I have just bought this great looking watch. Hope some of you guys can tell me more about this piece. I red almost everything on this forum but there is not much about it. I hope mister Hartmut Richter will answer too 
Thanks in advance. Here are the pictures


----------



## Hartmut Richter (Feb 13, 2006)

Well, I am not sure why I in particular should answer, but here goes.....

The watch is definitely post 1969 - the square logo confirms this. If early seventies, I would expect a case serial number structured ###D### or ###E### (where the #s are numbers) but it seems to be missing this. Instead, it has a reference number on the back which I can't decypher.

What makes you think that it has a Cal. 2572 PC? If it did, the last three numbers of the reference number should be 380 but this does not seem to be the case (although the picture isn't clear enough for me to tell for certain). Does it have a 4 Hz beat rate? If the beat rate is higher, it should have a Cal. 408 (originally a Movado calibre) or an ETA 2837. As stated before, I have a hunch that it is from the late seventies (wrong case back number for early seventies). Zenith stopped making their own movements in 1975 so that, although old stock Cal. 2572 PCs were used, they also used other movements at that time.

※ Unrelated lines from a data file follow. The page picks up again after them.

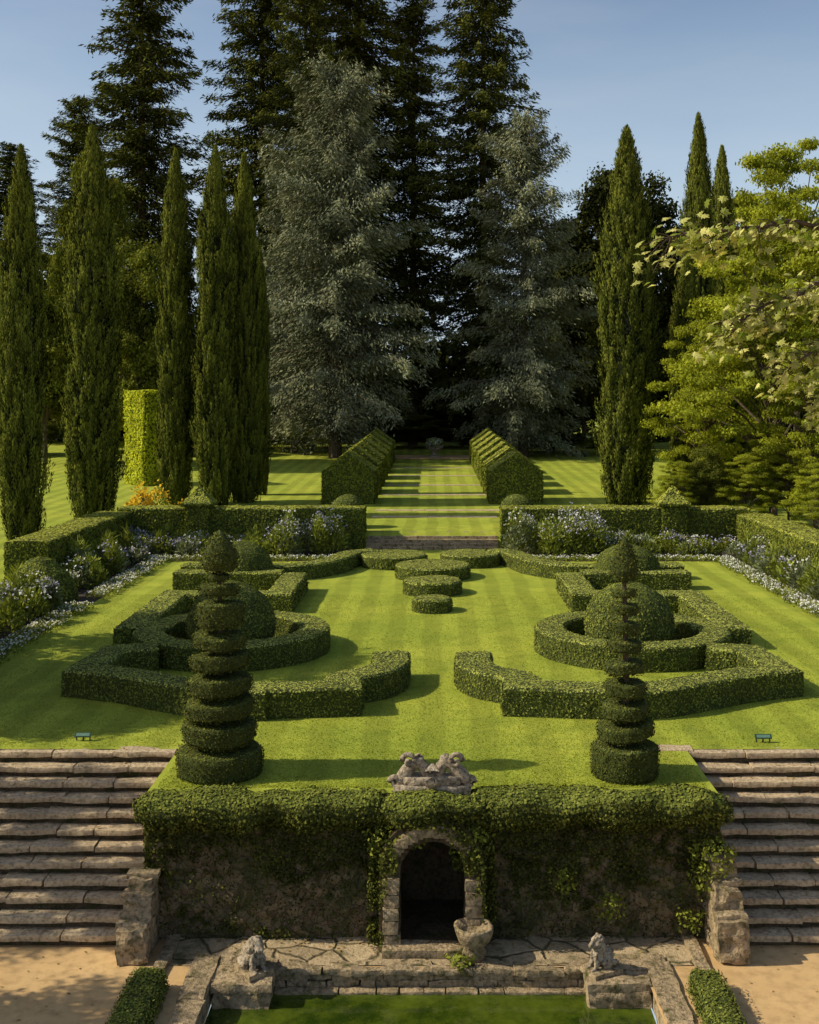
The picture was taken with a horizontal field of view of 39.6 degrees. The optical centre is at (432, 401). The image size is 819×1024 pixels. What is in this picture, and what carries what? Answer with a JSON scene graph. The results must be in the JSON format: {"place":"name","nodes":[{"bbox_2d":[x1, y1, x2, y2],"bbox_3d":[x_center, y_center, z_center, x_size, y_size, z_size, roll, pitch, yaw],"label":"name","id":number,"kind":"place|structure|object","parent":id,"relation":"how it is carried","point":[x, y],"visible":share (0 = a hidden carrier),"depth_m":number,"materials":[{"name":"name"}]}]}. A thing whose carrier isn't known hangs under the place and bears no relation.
{"place":"outdoors","nodes":[
{"label":"outdoors","id":0,"kind":"place"},
{"bbox_2d":[0,418,818,792],"bbox_3d":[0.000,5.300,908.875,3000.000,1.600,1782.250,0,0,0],"label":"lawn","id":1,"kind":"structure","parent":0,"point":[294,480],"depth_m":28.04,"materials":[{"name":"green plant"}]},
{"bbox_2d":[0,142,55,540],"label":"cypress tree","id":2,"kind":"object","parent":1,"relation":"on","point":[22,401],"visible":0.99,"depth_m":44.98,"materials":[{"name":"green plant"}]},
{"bbox_2d":[0,141,63,425],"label":"fir tree","id":3,"kind":"object","parent":1,"relation":"on","point":[6,170],"visible":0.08,"depth_m":124.56,"materials":[{"name":"green plant"}]},
{"bbox_2d":[0,241,71,462],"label":"broadleaf tree","id":4,"kind":"object","parent":1,"relation":"on","point":[52,400],"visible":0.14,"depth_m":88.56,"materials":[{"name":"green plant"}]},
{"bbox_2d":[3,513,132,580],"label":"hedge leaves","id":5,"kind":"object","parent":1,"relation":"on","point":[61,556],"visible":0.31,"depth_m":38.16,"materials":[{"name":"green plant"}]},
{"bbox_2d":[5,511,131,579],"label":"clipped hedge wall","id":6,"kind":"structure","parent":1,"relation":"on","point":[52,534],"depth_m":40.00,"materials":[{"name":"green plant"}]},
{"bbox_2d":[0,561,160,655],"bbox_3d":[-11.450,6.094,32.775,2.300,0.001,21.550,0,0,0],"label":"flowers","id":7,"kind":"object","parent":1,"relation":"on","point":[82,592],"depth_m":35.11,"materials":[{"name":"plant"}]},
{"bbox_2d":[9,555,77,603],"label":"dome topiary","id":8,"kind":"object","parent":7,"relation":"on","point":[40,565],"visible":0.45,"depth_m":34.21,"materials":[{"name":"green plant"}]},
{"bbox_2d":[0,524,172,663],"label":"flower bed","id":9,"kind":"object","parent":7,"relation":"on","point":[20,601],"visible":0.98,"depth_m":33.09,"materials":[{"name":"green plant"}]},
{"bbox_2d":[35,95,128,434],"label":"fir tree","id":10,"kind":"object","parent":1,"relation":"on","point":[75,114],"visible":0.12,"depth_m":120.92,"materials":[{"name":"green plant"}]},
{"bbox_2d":[42,151,138,399],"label":"broadleaf tree","id":11,"kind":"object","parent":1,"relation":"on","point":[57,270],"visible":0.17,"depth_m":86.72,"materials":[{"name":"green plant"}]},
{"bbox_2d":[56,123,129,518],"bbox_3d":[-16.145,-3.764,53.859,3.271,18.945,3.285,0,0,19],"label":"cypress tree","id":12,"kind":"object","parent":1,"relation":"on","point":[90,417],"visible":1,"depth_m":53.22,"materials":[{"name":"green plant"}]},
{"bbox_2d":[50,0,212,375],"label":"fir tree","id":13,"kind":"object","parent":1,"relation":"on","point":[138,151],"visible":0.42,"depth_m":106.88,"materials":[{"name":"green plant"}]},
{"bbox_2d":[123,389,160,485],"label":"yellow hedge block","id":14,"kind":"structure","parent":1,"relation":"on","point":[140,419],"depth_m":71.59,"materials":[{"name":"green plant"}]},
{"bbox_2d":[110,232,192,421],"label":"broadleaf tree","id":15,"kind":"object","parent":1,"relation":"on","point":[139,367],"visible":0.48,"depth_m":82.45,"materials":[{"name":"green plant"}]},
{"bbox_2d":[125,484,179,505],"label":"shrub","id":16,"kind":"object","parent":1,"relation":"on","point":[142,498],"visible":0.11,"depth_m":49.90,"materials":[{"name":"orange plant"}]},
{"bbox_2d":[153,148,197,504],"bbox_3d":[-13.750,-4.000,61.070,2.476,19.359,2.454,0,0,-44],"label":"cypress tree","id":17,"kind":"object","parent":1,"relation":"on","point":[176,404],"visible":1,"depth_m":60.43,"materials":[{"name":"green plant"}]},
{"bbox_2d":[180,485,217,534],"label":"hedge pillar","id":18,"kind":"structure","parent":1,"relation":"on","point":[200,495],"depth_m":47.01,"materials":[{"name":"plant"}]},
{"bbox_2d":[112,569,308,644],"bbox_3d":[-6.218,5.845,32.851,4.485,0.695,9.817,0,0,0],"label":"box hedge border","id":19,"kind":"object","parent":1,"relation":"on","point":[287,591],"visible":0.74,"depth_m":32.96,"materials":[{"name":"green plant"}]},
{"bbox_2d":[188,143,241,505],"bbox_3d":[-11.541,-3.947,60.023,2.752,19.411,2.751,0,0,-34],"label":"cypress tree","id":20,"kind":"object","parent":1,"relation":"on","point":[214,439],"visible":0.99,"depth_m":59.34,"materials":[{"name":"green plant"}]},
{"bbox_2d":[174,530,265,785],"bbox_3d":[-3.497,4.145,18.747,1.476,4.074,1.478,0,0,0],"label":"tiered topiary","id":21,"kind":"object","parent":1,"relation":"on","point":[220,746],"visible":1,"depth_m":18.42,"materials":[{"name":"green plant"}]},
{"bbox_2d":[185,581,276,639],"bbox_3d":[-4.956,5.536,28.006,2.236,2.226,2.255,0,0,0],"label":"ball topiary","id":22,"kind":"object","parent":1,"relation":"on","point":[259,620],"visible":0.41,"depth_m":27.45,"materials":[{"name":"green plant"}]},
{"bbox_2d":[133,610,330,671],"bbox_3d":[-4.898,5.837,27.991,4.821,0.684,4.826,0,0,0],"label":"box hedge ring","id":23,"kind":"object","parent":1,"relation":"on","point":[298,638],"visible":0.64,"depth_m":26.57,"materials":[{"name":"green plant"}]},
{"bbox_2d":[60,642,410,721],"bbox_3d":[-4.208,5.845,23.911,7.231,0.679,4.197,0,0,9],"label":"box hedge scroll","id":24,"kind":"object","parent":1,"relation":"on","point":[128,674],"visible":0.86,"depth_m":22.96,"materials":[{"name":"green plant"}]},
{"bbox_2d":[116,504,364,548],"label":"clipped hedge wall","id":25,"kind":"structure","parent":1,"relation":"on","point":[292,508],"depth_m":47.25,"materials":[{"name":"green plant"}]},
{"bbox_2d":[117,504,366,548],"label":"hedge leaves","id":26,"kind":"object","parent":1,"relation":"on","point":[354,513],"visible":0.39,"depth_m":47.23,"materials":[{"name":"plant"}]},
{"bbox_2d":[189,0,299,418],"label":"fir tree","id":27,"kind":"object","parent":1,"relation":"on","point":[263,45],"visible":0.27,"depth_m":124.64,"materials":[{"name":"green plant"}]},
{"bbox_2d":[137,549,354,560],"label":"bed soil","id":28,"kind":"structure","parent":1,"relation":"on","point":[306,552],"depth_m":45.47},
{"bbox_2d":[128,502,348,561],"bbox_3d":[-7.687,5.223,45.244,9.914,2.257,4.031,0,0,0],"label":"flower bed","id":29,"kind":"object","parent":28,"relation":"on","point":[283,538],"visible":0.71,"depth_m":45.06,"materials":[{"name":"green plant"}]},
{"bbox_2d":[228,152,269,503],"bbox_3d":[-10.157,-4.010,62.055,2.515,19.366,2.504,0,0,-18],"label":"cypress tree","id":30,"kind":"object","parent":1,"relation":"on","point":[247,352],"visible":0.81,"depth_m":61.41,"materials":[{"name":"green plant"}]},
{"bbox_2d":[229,540,272,571],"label":"ball topiary","id":31,"kind":"object","parent":1,"relation":"on","point":[253,556],"visible":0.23,"depth_m":37.58,"materials":[{"name":"green plant"}]},
{"bbox_2d":[255,245,272,494],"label":"cypress tree","id":32,"kind":"object","parent":1,"relation":"on","point":[265,410],"visible":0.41,"depth_m":65.74,"materials":[{"name":"green plant"}]},
{"bbox_2d":[179,548,379,578],"bbox_3d":[-4.929,5.872,40.399,7.849,0.633,2.929,0,0,-32],"label":"box hedge scroll","id":33,"kind":"object","parent":1,"relation":"on","point":[338,563],"visible":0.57,"depth_m":39.79,"materials":[{"name":"green plant"}]},
{"bbox_2d":[256,154,348,454],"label":"blue cedar tree","id":34,"kind":"object","parent":1,"relation":"on","point":[277,419],"visible":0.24,"depth_m":102.37,"materials":[{"name":"green plant"}]},
{"bbox_2d":[251,0,379,446],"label":"fir tree","id":35,"kind":"object","parent":1,"relation":"on","point":[312,42],"visible":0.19,"depth_m":112.94,"materials":[{"name":"green plant"}]},
{"bbox_2d":[257,48,440,457],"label":"blue cedar tree","id":36,"kind":"object","parent":1,"relation":"on","point":[334,413],"visible":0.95,"depth_m":95.58,"materials":[{"name":"green plant"}]},
{"bbox_2d":[262,0,454,444],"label":"fir tree","id":37,"kind":"object","parent":1,"relation":"on","point":[371,14],"visible":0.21,"depth_m":117.30,"materials":[{"name":"green plant"}]},
{"bbox_2d":[321,428,395,503],"bbox_3d":[-4.504,3.864,77.248,3.075,3.567,32.728,0,0,0],"label":"gabled hedge row","id":38,"kind":"object","parent":1,"relation":"on","point":[361,467],"visible":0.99,"depth_m":61.01,"materials":[{"name":"green plant"}]},
{"bbox_2d":[360,549,427,570],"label":"round box hedge","id":39,"kind":"object","parent":1,"relation":"on","point":[386,559],"visible":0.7,"depth_m":41.61,"materials":[{"name":"green plant"}]},
{"bbox_2d":[359,414,458,447],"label":"shrub","id":40,"kind":"object","parent":1,"relation":"on","point":[413,427],"visible":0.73,"depth_m":110.36,"materials":[{"name":"green plant"}]},
{"bbox_2d":[353,0,472,445],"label":"fir tree","id":41,"kind":"object","parent":1,"relation":"on","point":[423,131],"visible":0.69,"depth_m":116.64,"materials":[{"name":"green plant"}]},
{"bbox_2d":[411,594,452,613],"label":"round box hedge","id":42,"kind":"object","parent":1,"relation":"on","point":[432,603],"visible":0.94,"depth_m":32.86,"materials":[{"name":"green plant"}]},
{"bbox_2d":[47,309,817,442],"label":"distant trees","id":43,"kind":"object","parent":1,"relation":"on","point":[440,415],"visible":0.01,"depth_m":129.77,"materials":[{"name":"green plant"}]},
{"bbox_2d":[366,531,498,549],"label":"garden steps","id":44,"kind":"structure","parent":1,"relation":"on","point":[412,542],"depth_m":47.44,"materials":[{"name":"stone"}]},
{"bbox_2d":[394,558,470,580],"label":"round box hedge","id":45,"kind":"object","parent":1,"relation":"on","point":[460,569],"visible":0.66,"depth_m":39.01,"materials":[{"name":"green plant"}]},
{"bbox_2d":[402,575,462,596],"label":"round box hedge","id":46,"kind":"object","parent":1,"relation":"on","point":[413,586],"visible":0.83,"depth_m":35.77,"materials":[{"name":"green plant"}]},
{"bbox_2d":[416,418,508,447],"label":"shrub","id":47,"kind":"object","parent":1,"relation":"on","point":[454,423],"visible":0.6,"depth_m":110.45,"materials":[{"name":"green plant"}]},
{"bbox_2d":[440,548,499,568],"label":"round box hedge","id":48,"kind":"object","parent":1,"relation":"on","point":[478,558],"visible":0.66,"depth_m":41.94,"materials":[{"name":"green plant"}]},
{"bbox_2d":[405,0,562,421],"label":"fir tree","id":49,"kind":"object","parent":1,"relation":"on","point":[493,100],"visible":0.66,"depth_m":114.64,"materials":[{"name":"green plant"}]},
{"bbox_2d":[469,428,543,503],"bbox_3d":[4.500,3.868,77.249,3.052,3.589,32.748,0,0,0],"label":"gabled hedge row","id":50,"kind":"object","parent":1,"relation":"on","point":[502,467],"visible":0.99,"depth_m":61.00,"materials":[{"name":"green plant"}]},
{"bbox_2d":[422,103,598,459],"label":"blue cedar tree","id":51,"kind":"object","parent":1,"relation":"on","point":[533,380],"visible":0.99,"depth_m":97.07,"materials":[{"name":"green plant"}]},
{"bbox_2d":[504,217,606,431],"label":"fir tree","id":52,"kind":"object","parent":1,"relation":"on","point":[562,413],"visible":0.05,"depth_m":120.37,"materials":[{"name":"green plant"}]},
{"bbox_2d":[529,211,602,442],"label":"broadleaf tree","id":53,"kind":"object","parent":1,"relation":"on","point":[591,412],"visible":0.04,"depth_m":117.76,"materials":[{"name":"green plant"}]},
{"bbox_2d":[485,548,683,578],"bbox_3d":[4.938,5.871,40.396,7.840,0.641,2.934,0,0,32],"label":"box hedge scroll","id":54,"kind":"object","parent":1,"relation":"on","point":[526,563],"visible":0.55,"depth_m":39.85,"materials":[{"name":"green plant"}]},
{"bbox_2d":[543,161,681,415],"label":"broadleaf tree","id":55,"kind":"object","parent":1,"relation":"on","point":[589,214],"visible":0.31,"depth_m":104.81,"materials":[{"name":"green plant"}]},
{"bbox_2d":[589,536,660,785],"bbox_3d":[3.147,4.189,18.592,1.177,4.000,1.151,0,0,0],"label":"tiered topiary","id":56,"kind":"object","parent":1,"relation":"on","point":[625,749],"visible":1,"depth_m":18.38,"materials":[{"name":"green plant"}]},
{"bbox_2d":[499,505,750,548],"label":"hedge leaves","id":57,"kind":"object","parent":1,"relation":"on","point":[652,520],"visible":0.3,"depth_m":47.23,"materials":[{"name":"plant"}]},
{"bbox_2d":[501,505,749,548],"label":"clipped hedge wall","id":58,"kind":"structure","parent":1,"relation":"on","point":[616,508],"depth_m":47.26,"materials":[{"name":"green plant"}]},
{"bbox_2d":[589,124,662,505],"bbox_3d":[10.554,-4.613,60.919,3.814,20.641,3.797,0,0,42],"label":"cypress tree","id":59,"kind":"object","parent":1,"relation":"on","point":[628,343],"visible":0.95,"depth_m":60.11,"materials":[{"name":"green plant"}]},
{"bbox_2d":[594,544,660,571],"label":"ball topiary","id":60,"kind":"object","parent":1,"relation":"on","point":[647,559],"visible":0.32,"depth_m":37.64,"materials":[{"name":"green plant"}]},
{"bbox_2d":[453,641,804,720],"bbox_3d":[4.192,5.843,23.904,7.232,0.678,4.204,0,0,-9],"label":"box hedge scroll","id":61,"kind":"object","parent":1,"relation":"on","point":[735,674],"visible":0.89,"depth_m":22.83,"materials":[{"name":"green plant"}]},
{"bbox_2d":[584,581,675,641],"bbox_3d":[4.859,5.495,27.998,2.229,2.189,2.219,0,0,0],"label":"ball topiary","id":62,"kind":"object","parent":1,"relation":"on","point":[656,620],"visible":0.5,"depth_m":27.33,"materials":[{"name":"green plant"}]},
{"bbox_2d":[518,549,742,560],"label":"bed soil","id":63,"kind":"structure","parent":1,"relation":"on","point":[689,559],"depth_m":44.88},
{"bbox_2d":[498,496,740,561],"bbox_3d":[7.569,5.090,45.322,9.954,2.500,4.153,0,0,0],"label":"flower bed","id":64,"kind":"object","parent":63,"relation":"on","point":[576,536],"visible":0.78,"depth_m":44.80,"materials":[{"name":"green plant"}]},
{"bbox_2d":[533,610,731,672],"bbox_3d":[4.894,5.840,27.996,4.834,0.690,4.815,0,0,0],"label":"box hedge ring","id":65,"kind":"object","parent":1,"relation":"on","point":[562,638],"visible":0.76,"depth_m":26.37,"materials":[{"name":"green plant"}]},
{"bbox_2d":[556,569,752,644],"bbox_3d":[6.222,5.845,32.853,4.489,0.706,9.829,0,0,0],"label":"box hedge border","id":66,"kind":"object","parent":1,"relation":"on","point":[577,591],"visible":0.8,"depth_m":33.18,"materials":[{"name":"green plant"}]},
{"bbox_2d":[653,501,691,548],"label":"leaves","id":67,"kind":"object","parent":1,"relation":"on","point":[676,506],"visible":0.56,"depth_m":46.99,"materials":[{"name":"green plant"}]},
{"bbox_2d":[654,485,691,537],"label":"hedge pillar","id":68,"kind":"structure","parent":1,"relation":"on","point":[671,495],"depth_m":47.01,"materials":[{"name":"plant"}]},
{"bbox_2d":[648,460,699,503],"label":"shrub","id":69,"kind":"object","parent":1,"relation":"on","point":[684,480],"visible":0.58,"depth_m":49.74,"materials":[{"name":"green plant"}]},
{"bbox_2d":[667,251,701,499],"bbox_3d":[14.171,-1.574,63.002,2.342,14.343,2.332,0,0,11],"label":"cypress tree","id":70,"kind":"object","parent":1,"relation":"on","point":[687,290],"visible":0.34,"depth_m":62.56,"materials":[{"name":"green plant"}]},
{"bbox_2d":[679,111,717,326],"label":"cypress tree","id":71,"kind":"object","parent":1,"relation":"on","point":[699,190],"visible":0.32,"depth_m":65.53,"materials":[{"name":"green plant"}]},
{"bbox_2d":[640,319,764,480],"bbox_3d":[13.969,0.787,57.138,6.440,10.029,6.042,0,0,37],"label":"feathery tree","id":72,"kind":"object","parent":1,"relation":"on","point":[705,425],"visible":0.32,"depth_m":56.63,"materials":[{"name":"green plant"}]},
{"bbox_2d":[679,445,734,505],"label":"shrub","id":73,"kind":"object","parent":1,"relation":"on","point":[708,482],"visible":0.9,"depth_m":50.03,"materials":[{"name":"green plant"}]},
{"bbox_2d":[710,144,740,367],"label":"cypress tree","id":74,"kind":"object","parent":1,"relation":"on","point":[721,183],"visible":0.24,"depth_m":71.49,"materials":[{"name":"green plant"}]},
{"bbox_2d":[645,227,818,516],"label":"feathery tree","id":75,"kind":"object","parent":1,"relation":"on","point":[709,309],"visible":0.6,"depth_m":51.83,"materials":[{"name":"green plant"}]},
{"bbox_2d":[711,453,781,513],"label":"shrub","id":76,"kind":"object","parent":1,"relation":"on","point":[743,480],"visible":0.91,"depth_m":49.58,"materials":[{"name":"green plant"}]},
{"bbox_2d":[733,433,795,513],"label":"shrub","id":77,"kind":"object","parent":1,"relation":"on","point":[762,457],"visible":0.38,"depth_m":50.58,"materials":[{"name":"green plant"}]},
{"bbox_2d":[712,532,818,617],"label":"flower bed","id":78,"kind":"object","parent":1,"relation":"on","point":[760,556],"visible":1,"depth_m":37.98,"materials":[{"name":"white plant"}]},
{"bbox_2d":[732,136,818,460],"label":"broadleaf tree","id":79,"kind":"object","parent":1,"relation":"on","point":[776,171],"visible":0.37,"depth_m":82.67,"materials":[{"name":"green plant"}]},
{"bbox_2d":[736,513,818,566],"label":"hedge leaves","id":80,"kind":"object","parent":1,"relation":"on","point":[801,556],"visible":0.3,"depth_m":41.27,"materials":[{"name":"green plant"}]},
{"bbox_2d":[737,513,818,565],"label":"clipped hedge wall","id":81,"kind":"structure","parent":1,"relation":"on","point":[793,529],"depth_m":42.27,"materials":[{"name":"green plant"}]},
{"bbox_2d":[748,442,813,520],"bbox_3d":[15.745,3.694,50.054,3.407,3.842,3.632,0,0,-33],"label":"shrub","id":82,"kind":"object","parent":1,"relation":"on","point":[780,472],"visible":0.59,"depth_m":49.53,"materials":[{"name":"green plant"}]},
{"bbox_2d":[747,341,818,528],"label":"broadleaf tree","id":83,"kind":"object","parent":1,"relation":"on","point":[777,408],"visible":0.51,"depth_m":48.79,"materials":[{"name":"green plant"}]},
{"bbox_2d":[781,462,818,526],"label":"shrub","id":84,"kind":"object","parent":1,"relation":"on","point":[801,483],"visible":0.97,"depth_m":45.00,"materials":[{"name":"green plant"}]},
{"bbox_2d":[0,938,818,1023],"bbox_3d":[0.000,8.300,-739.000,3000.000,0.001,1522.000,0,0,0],"label":"ground","id":85,"kind":"structure","parent":0,"point":[792,983],"depth_m":16.27,"materials":[{"name":"sand"}]},
{"bbox_2d":[0,746,177,944],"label":"stone stairs","id":86,"kind":"structure","parent":85,"relation":"on","point":[33,858],"depth_m":18.68,"materials":[{"name":"stone"}]},
{"bbox_2d":[113,866,161,965],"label":"rubble pier","id":87,"kind":"structure","parent":85,"relation":"on","point":[136,937],"depth_m":17.03,"materials":[{"name":"stone"}]},
{"bbox_2d":[107,965,169,1023],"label":"box hedge","id":88,"kind":"object","parent":85,"relation":"on","point":[143,995],"visible":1,"depth_m":15.36,"materials":[{"name":"green plant"}]},
{"bbox_2d":[167,952,693,1023],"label":"pond coping","id":89,"kind":"object","parent":85,"relation":"on","point":[230,987],"visible":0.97,"depth_m":16.57,"materials":[{"name":"stone"}]},
{"bbox_2d":[234,935,273,982],"bbox_3d":[-2.596,8.004,16.513,0.405,0.552,0.559,0,0,-35],"label":"stone lion statue","id":90,"kind":"object","parent":89,"relation":"on","point":[251,965],"visible":1,"depth_m":16.38,"materials":[{"name":"stone"}]},
{"bbox_2d":[444,918,493,975],"bbox_3d":[0.526,8.096,16.877,0.837,0.633,0.600,0,0,-39],"label":"stone basin","id":91,"kind":"object","parent":89,"relation":"on","point":[473,940],"visible":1,"depth_m":16.78,"materials":[{"name":"grey stone"}]},
{"bbox_2d":[579,933,622,981],"bbox_3d":[2.444,7.985,16.502,0.513,0.580,0.411,0,0,-30],"label":"stone lion statue","id":92,"kind":"object","parent":89,"relation":"on","point":[601,963],"visible":1,"depth_m":16.41,"materials":[{"name":"stone"}]},
{"bbox_2d":[169,936,693,965],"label":"flagstone paving","id":93,"kind":"structure","parent":85,"relation":"on","point":[324,953],"depth_m":17.22,"materials":[{"name":"stone"}]},
{"bbox_2d":[378,820,485,958],"bbox_3d":[0.005,7.288,17.296,1.638,2.023,0.766,0,0,0],"label":"grotto niche","id":94,"kind":"object","parent":93,"relation":"on","point":[395,946],"visible":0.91,"depth_m":17.12,"materials":[{"name":"stone"}]},
{"bbox_2d":[400,841,463,940],"bbox_3d":[0.000,7.210,18.150,1.500,2.180,1.700,0,0,0],"label":"niche interior","id":95,"kind":"object","parent":94,"relation":"attached to","point":[431,881],"visible":0.24,"depth_m":18.80,"materials":[{"name":"stone"}]},
{"bbox_2d":[144,793,720,938],"bbox_3d":[0.000,7.250,18.926,8.920,2.300,2.747,0,0,0],"label":"masonry","id":96,"kind":"object","parent":85,"relation":"on","point":[244,917],"visible":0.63,"depth_m":17.62,"materials":[{"name":"stone"}]},
{"bbox_2d":[387,752,477,792],"bbox_3d":[0.000,5.778,17.718,1.425,0.672,0.420,0,0,0],"label":"stone crest","id":97,"kind":"object","parent":96,"relation":"on","point":[434,777],"visible":0.98,"depth_m":17.66,"materials":[{"name":"stone"}]},
{"bbox_2d":[132,780,739,951],"bbox_3d":[0.040,7.170,17.572,9.367,2.510,1.182,0,0,0],"label":"wall ivy","id":98,"kind":"object","parent":96,"relation":"attached to","point":[481,808],"depth_m":17.48,"materials":[{"name":"green plant"}]},
{"bbox_2d":[153,933,711,969],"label":"paving curb","id":99,"kind":"structure","parent":85,"relation":"on","point":[697,957],"depth_m":17.02,"materials":[{"name":"stone"}]},
{"bbox_2d":[684,966,750,1023],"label":"box hedge","id":100,"kind":"object","parent":85,"relation":"on","point":[708,989],"visible":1,"depth_m":15.38,"materials":[{"name":"green plant"}]},
{"bbox_2d":[631,195,818,433],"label":"maple tree","id":101,"kind":"object","parent":85,"relation":"on","point":[805,295],"visible":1,"depth_m":9.31,"materials":[{"name":"green plant"}]},
{"bbox_2d":[703,851,749,966],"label":"rubble pier","id":102,"kind":"structure","parent":85,"relation":"on","point":[726,927],"depth_m":17.02,"materials":[{"name":"stone"}]},
{"bbox_2d":[657,744,818,944],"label":"stone stairs","id":103,"kind":"structure","parent":85,"relation":"on","point":[785,830],"depth_m":18.75,"materials":[{"name":"stone"}]},
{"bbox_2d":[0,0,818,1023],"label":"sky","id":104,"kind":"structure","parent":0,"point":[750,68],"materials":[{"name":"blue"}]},
{"bbox_2d":[205,987,655,1023],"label":"pond water","id":105,"kind":"structure","parent":0,"point":[429,1009],"depth_m":16.05,"materials":[{"name":"liquid"}]},
{"bbox_2d":[372,467,498,517],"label":"stepping path","id":106,"kind":"structure","parent":0,"point":[434,494],"depth_m":58.04,"materials":[{"name":"stone"}]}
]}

If you can show a picture of the movement or at least give the full reference number, we can tell a little more.

Hartmut Richter


----------



## nikola0406 (Jun 17, 2010)

First thank you. It is 2572pc I have seen it and ref.is 01.1250.380 so it is. Any more info would be great. And I mention you because I seen that you have great knowledge of it. Thanks, Nikola


----------



## Hartmut Richter (Feb 13, 2006)

Ah well, the 380 confirms the calibre - and that would suggest that it is mid seventies. Before would conflict with the lack of a serial number and after would conflict with the movement.

Nice catch!

Hartmut Richter


----------



## nikola0406 (Jun 17, 2010)

So everything looks fine to you, because I am no expert for Zenith


----------



## Hans61 (Oct 11, 2010)

Zenith Surf für € 600 zu verkaufen von Privat auf Chrono24


----------



## nikola0406 (Jun 17, 2010)

Yes that is mine. Not asking for a price, just wonder does everything looks fine on it, as it should be, because I have seen many similar but not one the same


----------



## Hartmut Richter (Feb 13, 2006)

I think that it would be a very difficult task to put together a complete (pictorial) list of all Zenith models over the years. The movement is 100% genuine, I am practically certain that the dial also is. The case is the biggest unknown factor but the engraving on the back (writing and correct reference number structure) and the fact that it seems to go with the front does not leave me with any worries about that watch. Keep googling the ref number at intervals and see whether the web comes up with a similar or identical piece.

Hartmut Richter


----------



## nikola0406 (Jun 17, 2010)

Thank you very much. I will do that.


----------



## nikola0406 (Jun 17, 2010)

I have try that with no success  So if you guys have some links of vintage watches where can I have a look, you can PM me or put it here. Thanks, Nikola


----------